Cae la niebla en el oscuro campo tras la tomenta. El olor de la tierra húmeda atraviesa mi olfato y me recuerda que aún sigo vivo. La sangre seca recubre mis manos que aún sostienen temblorosas la pala que minutos atrás volvía a echar tierra sobre la franja previamente abierta.
- Si la tierra está húmeda, está más blanda. Si está más blanda, es más rápido cavar un agujero en ella. Pero recuerda enterrar el bulto bien hondo. Nunca es demasiado profundo.
Nunca es demasiado profundo. Nunca es demasiado profundo. Las palabras de aquella voz vieja, sabia, retumbaban en mi cabeza mientras atravieso el campo en la oscuridad cómplice de la noche.
- Coge cal y sustrato universal. Pon la cal sobre el bulto y luego el sustrato universal encima. Con suerte aumentarás la fertilidad de la tierra y crecerá algo. Eso hará pasar desapercibido el trabajito.
El bulto. ¿Por qué lo llama el bulto?. Aquella cosificación premeditada. La deshumanización de un acto tan poco humano.
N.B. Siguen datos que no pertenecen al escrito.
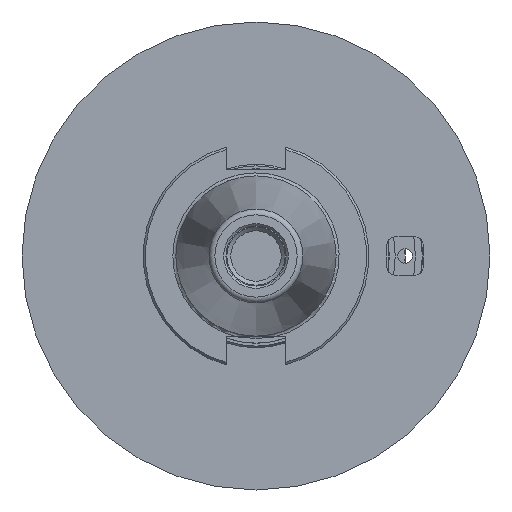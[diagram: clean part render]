
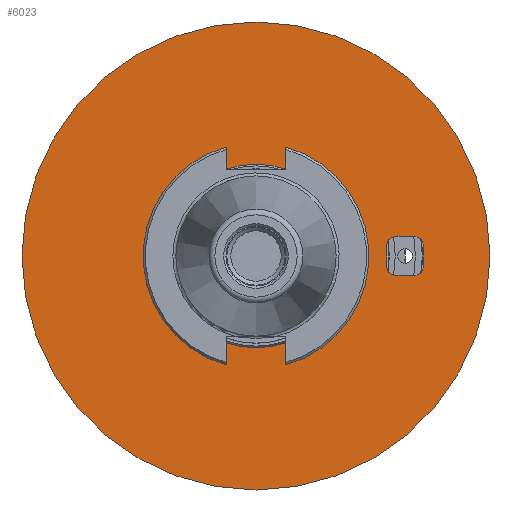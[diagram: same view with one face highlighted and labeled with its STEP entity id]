
A CAD part, left-side view. The second image highlights one B-rep face of the part: STEP entity #6023.
In plain terms, the highlighted planar face has unit normal (-1, 0, 0).
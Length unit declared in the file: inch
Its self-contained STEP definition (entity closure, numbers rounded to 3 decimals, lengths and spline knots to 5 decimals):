
#576=LINE('',#10751,#932);
#577=LINE('',#10755,#933);
#578=LINE('',#10759,#934);
#579=LINE('',#10763,#935);
#932=VECTOR('',#8294,0.31496);
#933=VECTOR('',#8297,0.35433);
#934=VECTOR('',#8300,0.31496);
#935=VECTOR('',#8303,0.35433);
#1185=FACE_BOUND('',#1927,.T.);
#1186=FACE_BOUND('',#1928,.T.);
#1490=FACE_OUTER_BOUND('',#1926,.T.);
#1926=EDGE_LOOP('',(#5178));
#1927=EDGE_LOOP('',(#5179,#5180,#5181,#5182,#5183,#5184,#5185,#5186));
#1928=EDGE_LOOP('',(#5187));
#2267=CIRCLE('',#6718,4.01575);
#2268=CIRCLE('',#6720,0.15748);
#2269=CIRCLE('',#6721,0.15748);
#2270=CIRCLE('',#6722,0.15748);
#2271=CIRCLE('',#6723,0.15748);
#2272=CIRCLE('',#6724,1.5748);
#2810=VERTEX_POINT('',#10745);
#2811=VERTEX_POINT('',#10749);
#2812=VERTEX_POINT('',#10750);
#2813=VERTEX_POINT('',#10752);
#2814=VERTEX_POINT('',#10754);
#2815=VERTEX_POINT('',#10756);
#2816=VERTEX_POINT('',#10758);
#2817=VERTEX_POINT('',#10760);
#2818=VERTEX_POINT('',#10762);
#2819=VERTEX_POINT('',#10765);
#3619=EDGE_CURVE('',#2810,#2810,#2267,.T.);
#3621=EDGE_CURVE('',#2811,#2812,#576,.T.);
#3622=EDGE_CURVE('',#2811,#2813,#2268,.T.);
#3623=EDGE_CURVE('',#2814,#2813,#577,.T.);
#3624=EDGE_CURVE('',#2814,#2815,#2269,.T.);
#3625=EDGE_CURVE('',#2816,#2815,#578,.T.);
#3626=EDGE_CURVE('',#2816,#2817,#2270,.T.);
#3627=EDGE_CURVE('',#2818,#2817,#579,.T.);
#3628=EDGE_CURVE('',#2818,#2812,#2271,.T.);
#3629=EDGE_CURVE('',#2819,#2819,#2272,.T.);
#5178=ORIENTED_EDGE('',*,*,#3619,.F.);
#5179=ORIENTED_EDGE('',*,*,#3621,.F.);
#5180=ORIENTED_EDGE('',*,*,#3622,.T.);
#5181=ORIENTED_EDGE('',*,*,#3623,.F.);
#5182=ORIENTED_EDGE('',*,*,#3624,.T.);
#5183=ORIENTED_EDGE('',*,*,#3625,.F.);
#5184=ORIENTED_EDGE('',*,*,#3626,.T.);
#5185=ORIENTED_EDGE('',*,*,#3627,.F.);
#5186=ORIENTED_EDGE('',*,*,#3628,.T.);
#5187=ORIENTED_EDGE('',*,*,#3629,.T.);
#5696=PLANE('',#6719);
#6023=ADVANCED_FACE('',(#1490,#1185,#1186),#5696,.T.);
#6718=AXIS2_PLACEMENT_3D('',#10746,#8289,#8290);
#6719=AXIS2_PLACEMENT_3D('',#10748,#8292,#8293);
#6720=AXIS2_PLACEMENT_3D('',#10753,#8295,#8296);
#6721=AXIS2_PLACEMENT_3D('',#10757,#8298,#8299);
#6722=AXIS2_PLACEMENT_3D('',#10761,#8301,#8302);
#6723=AXIS2_PLACEMENT_3D('',#10764,#8304,#8305);
#6724=AXIS2_PLACEMENT_3D('',#10766,#8306,#8307);
#8289=DIRECTION('center_axis',(1.,0.,0.));
#8290=DIRECTION('ref_axis',(0.,1.,0.));
#8292=DIRECTION('center_axis',(-1.,0.,0.));
#8293=DIRECTION('ref_axis',(0.,0.,1.));
#8294=DIRECTION('',(0.,1.,0.));
#8295=DIRECTION('center_axis',(1.,0.,0.));
#8296=DIRECTION('ref_axis',(0.,0.,1.));
#8297=DIRECTION('',(0.,0.,1.));
#8298=DIRECTION('center_axis',(1.,0.,0.));
#8299=DIRECTION('ref_axis',(0.,-1.,0.));
#8300=DIRECTION('',(0.,-1.,0.));
#8301=DIRECTION('center_axis',(1.,0.,0.));
#8302=DIRECTION('ref_axis',(0.,0.,-1.));
#8303=DIRECTION('',(0.,0.,-1.));
#8304=DIRECTION('center_axis',(1.,0.,0.));
#8305=DIRECTION('ref_axis',(0.,1.,0.));
#8306=DIRECTION('center_axis',(1.,0.,0.));
#8307=DIRECTION('ref_axis',(0.,0.,1.));
#10745=CARTESIAN_POINT('',(-1.12205,-4.01575,0.));
#10746=CARTESIAN_POINT('Origin',(-1.12205,0.,0.));
#10748=CARTESIAN_POINT('Origin',(-1.12205,1.71752,0.));
#10749=CARTESIAN_POINT('',(-1.12205,-2.71654,0.33465));
#10750=CARTESIAN_POINT('',(-1.12205,-2.40157,0.33465));
#10751=CARTESIAN_POINT('',(-1.12205,-2.71654,0.33465));
#10752=CARTESIAN_POINT('',(-1.12205,-2.87402,0.17717));
#10753=CARTESIAN_POINT('Origin',(-1.12205,-2.71654,0.17717));
#10754=CARTESIAN_POINT('',(-1.12205,-2.87402,-0.17717));
#10755=CARTESIAN_POINT('',(-1.12205,-2.87402,-0.17717));
#10756=CARTESIAN_POINT('',(-1.12205,-2.71654,-0.33465));
#10757=CARTESIAN_POINT('Origin',(-1.12205,-2.71654,-0.17717));
#10758=CARTESIAN_POINT('',(-1.12205,-2.40157,-0.33465));
#10759=CARTESIAN_POINT('',(-1.12205,-2.40157,-0.33465));
#10760=CARTESIAN_POINT('',(-1.12205,-2.24409,-0.17717));
#10761=CARTESIAN_POINT('Origin',(-1.12205,-2.40157,-0.17717));
#10762=CARTESIAN_POINT('',(-1.12205,-2.24409,0.17717));
#10763=CARTESIAN_POINT('',(-1.12205,-2.24409,0.17717));
#10764=CARTESIAN_POINT('Origin',(-1.12205,-2.40157,0.17717));
#10765=CARTESIAN_POINT('',(-1.12205,0.,-1.5748));
#10766=CARTESIAN_POINT('Origin',(-1.12205,0.,0.));

Avanzo a duras penas, tropezándome con los surcos de los cultivos. La tierra está blanda y noto como mis botas se hunden en el barro. Es como si aquel lugar no me dejara ir. Utilizo la pala como bastón y miro de reojo mis manos. Están rojas y mugrientas. Es una sangre sucia, fría, acusadora.
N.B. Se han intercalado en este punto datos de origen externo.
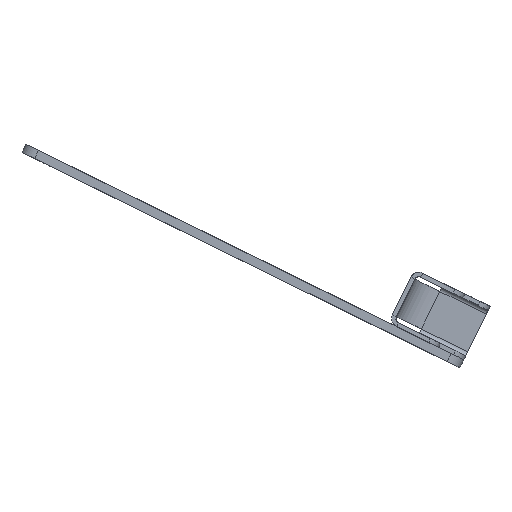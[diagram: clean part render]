
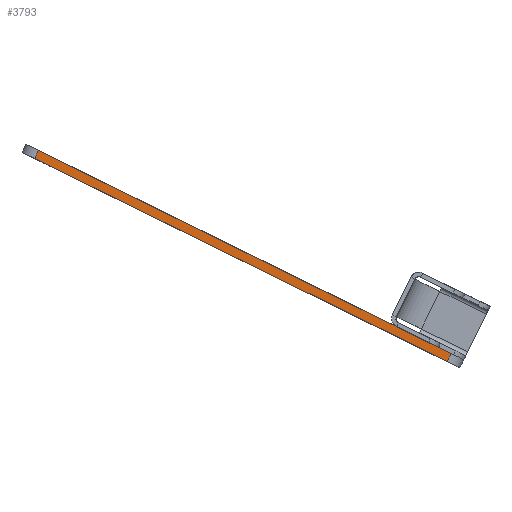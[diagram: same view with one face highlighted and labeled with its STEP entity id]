
A CAD part, front view. The second image highlights one B-rep face of the part: STEP entity #3793.
In plain terms, the highlighted face is planar.
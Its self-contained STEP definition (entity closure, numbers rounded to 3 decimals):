
#3741=CARTESIAN_POINT('Vertex',(164.795,6.35,-135.)) ;
#3748=CARTESIAN_POINT('Vertex',(164.795,0.,-135.)) ;
#3751=CARTESIAN_POINT('Line Origine',(164.795,6.35,-135.)) ;
#3763=CARTESIAN_POINT('Axis2P3D Location',(174.795,6.35,-135.)) ;
#3768=CARTESIAN_POINT('Line Origine',(0.,6.35,-135.)) ;
#3772=CARTESIAN_POINT('Vertex',(-164.795,6.35,-135.)) ;
#3775=CARTESIAN_POINT('Line Origine',(0.,0.,-135.)) ;
#3779=CARTESIAN_POINT('Vertex',(-164.795,0.,-135.)) ;
#3782=CARTESIAN_POINT('Line Origine',(-164.795,3.175,-135.)) ;
#3753=VECTOR('Line Direction',#3752,1.) ;
#3770=VECTOR('Line Direction',#3769,1.) ;
#3777=VECTOR('Line Direction',#3776,1.) ;
#3784=VECTOR('Line Direction',#3783,1.) ;
#3752=DIRECTION('Vector Direction',(0.,-1.,0.)) ;
#3764=DIRECTION('Axis2P3D Direction',(0.,-0.,1.)) ;
#3765=DIRECTION('Axis2P3D XDirection',(1.,0.,0.)) ;
#3769=DIRECTION('Vector Direction',(-1.,0.,0.)) ;
#3776=DIRECTION('Vector Direction',(-1.,0.,0.)) ;
#3783=DIRECTION('Vector Direction',(0.,1.,0.)) ;
#3766=AXIS2_PLACEMENT_3D('Plane Axis2P3D',#3763,#3764,#3765) ;
#3754=LINE('Line',#3751,#3753) ;
#3771=LINE('Line',#3768,#3770) ;
#3778=LINE('Line',#3775,#3777) ;
#3785=LINE('Line',#3782,#3784) ;
#3767=PLANE('',#3766) ;
#3755=EDGE_CURVE('',#3742,#3749,#3754,.T.) ;
#3774=EDGE_CURVE('',#3742,#3773,#3771,.T.) ;
#3781=EDGE_CURVE('',#3749,#3780,#3778,.T.) ;
#3786=EDGE_CURVE('',#3780,#3773,#3785,.T.) ;
#3788=ORIENTED_EDGE('',*,*,#3774,.F.) ;
#3789=ORIENTED_EDGE('',*,*,#3755,.T.) ;
#3790=ORIENTED_EDGE('',*,*,#3781,.T.) ;
#3791=ORIENTED_EDGE('',*,*,#3786,.T.) ;
#3787=EDGE_LOOP('',(#3788,#3789,#3790,#3791)) ;
#3742=VERTEX_POINT('',#3741) ;
#3749=VERTEX_POINT('',#3748) ;
#3773=VERTEX_POINT('',#3772) ;
#3780=VERTEX_POINT('',#3779) ;
#3793=ADVANCED_FACE('Fillet3',(#3792),#3767,.F.) ;
#3792=FACE_OUTER_BOUND('',#3787,.T.) ;

- La gente suele aplanar la tierra cuando acaba el trabajito. Eso es un error. Hay que esparcir la tierra aleatoriamente por encima. Disimula más. Disimula mucho más.
Era una voz vieja pero segura. Una voz firme, convincente.
- Nunca dejes que te vean demasiado la cara. La gente sospecha cuando ve a alguién desconocido. Tampoco intentes disimular con descaro, eso es de estupidos. Tienes que buscar un sitio tranquilo, y apartado. El trabajito te puede llevar unas cuantas horas. Por eso es tan importante elegir una noche de tormenta.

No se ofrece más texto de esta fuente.